Re: [math-fun] Random slice of a cube
On 2017-10-08 21:16, Keith F. Lynch wrote:
James Propp <jamespropp@gmail.com> wrote:
If I choose a random plane that intersects a cube, creating a polygon, how many sides does the polygon have on average?
(The most lowbrow way to define the probability measure I have in mind when I say "random plane" is to circumscribe a sphere of radius r around the cube with center O. Choose a point uniformly P at random on the sphere, and now choose a point Q uniformly at random on segment OP. ....)
What about choosing three points independently and uniformly on a sphere that encloses the cube, and using the plane defined by those three points, skipping any planes that don't intersect the cube? Would that get you the same answer?
I am not a visual thinker. I'm not even sure what numbers of sides the polygon could have. It can obviously have 3, 4, or 6. I doubt it can have more than 6, but I'm not sure. I'm even less sure whether it can have 5. gosper.org/pentagonal cubeslice.png --rwg
I would ask, not what the average number of sides is, but the proportion of each number of sides. That way I can quickly get any of countless possible means, including the arithmetic mean, geometric mean, harmonic mean, mode, median, root-mean-square, etc. Maybe some of them are more interesting than others. Also, what's the distribution of areas of the intersection? And what are the answers to the same questions for the other four regular solids, and for the sphere? Similarly in other dimensions.
When I was initially thinking about the problem, I wasn't sure there were pentagonal cross-section, but then I realized that there were, by continuity. Once you have a hexagonal cross-section, you can perturb the cutting plane slightly, so that it's in general position. Then, as you translate the plane perpendicular to itself, the moving plane never meets more than one vertex of the cube at a time, so the transition-events all become of the form "one edge shrinks to length zero", with the number of sizes of the polygon decreasing by exactly 1. I like Keith's suggestion that one looks at the probabilities, and not just the mean. It would be interesting if the distribution failed to be unimodal; e.g., if pentagons were rarer than both hexagons and quadrilaterals. Jim Propp On Mon, Oct 9, 2017 at 1:15 AM, Bill Gosper <billgosper@gmail.com> wrote:
On 2017-10-08 21:16, Keith F. Lynch wrote:
James Propp <jamespropp@gmail.com> wrote:
If I choose a random plane that intersects a cube, creating a polygon, how many sides does the polygon have on average?
(The most lowbrow way to define the probability measure I have in mind when I say "random plane" is to circumscribe a sphere of radius r around the cube with center O. Choose a point uniformly P at random on the sphere, and now choose a point Q uniformly at random on segment OP. ....)

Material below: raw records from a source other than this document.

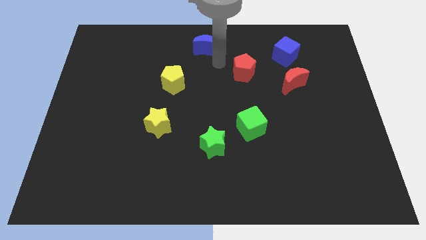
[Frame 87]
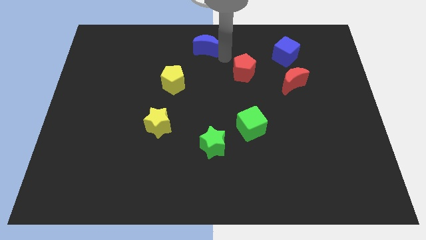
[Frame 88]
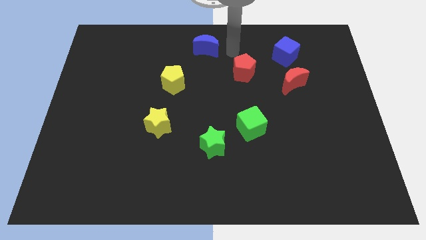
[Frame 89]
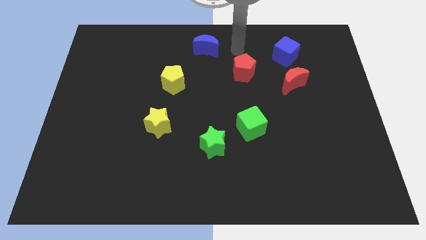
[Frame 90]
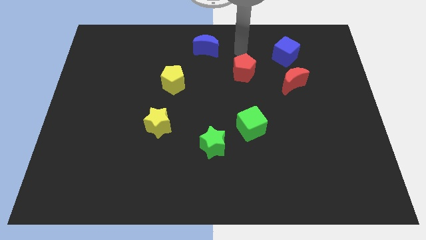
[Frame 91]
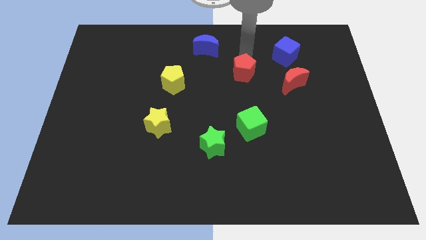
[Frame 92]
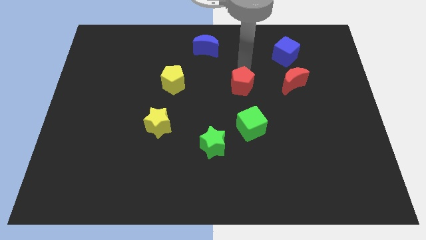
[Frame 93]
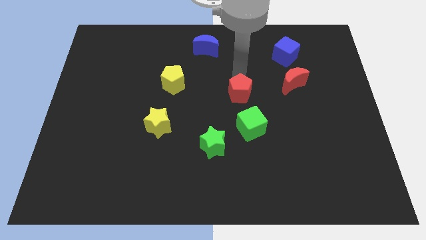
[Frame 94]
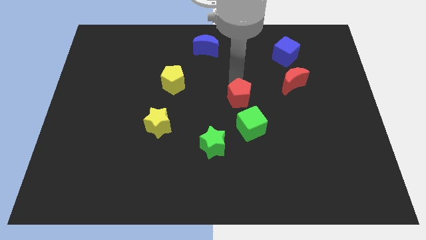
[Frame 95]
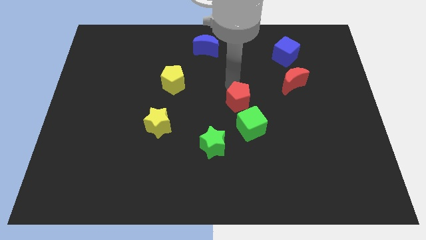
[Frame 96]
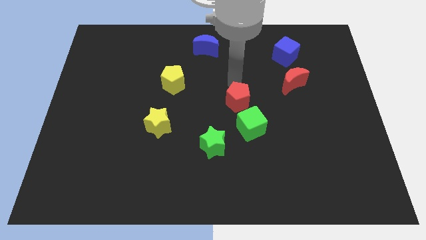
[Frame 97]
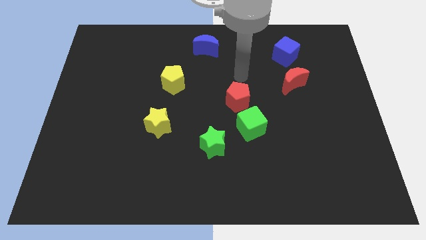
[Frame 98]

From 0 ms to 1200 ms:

What about choosing three points independently and uniformly on a sphere that encloses the cube, and using the plane defined by those three points, skipping any planes that don't intersect the cube? Would that get you the same answer?
I am not a visual thinker. I'm not even sure what numbers of sides the polygon could have. It can obviously have 3, 4, or 6. I doubt it can have more than 6, but I'm not sure. I'm even less sure whether it can have 5. gosper.org/pentagonal cubeslice.png --rwg
I would ask, not what the average number of sides is, but the proportion of each number of sides. That way I can quickly get any of countless possible means, including the arithmetic mean, geometric mean, harmonic mean, mode, median, root-mean-square, etc. Maybe some of them are more interesting than others. Also, what's the distribution of areas of the intersection? And what are the answers to the same questions for the other four regular solids, and for the sphere? Similarly in other dimensions.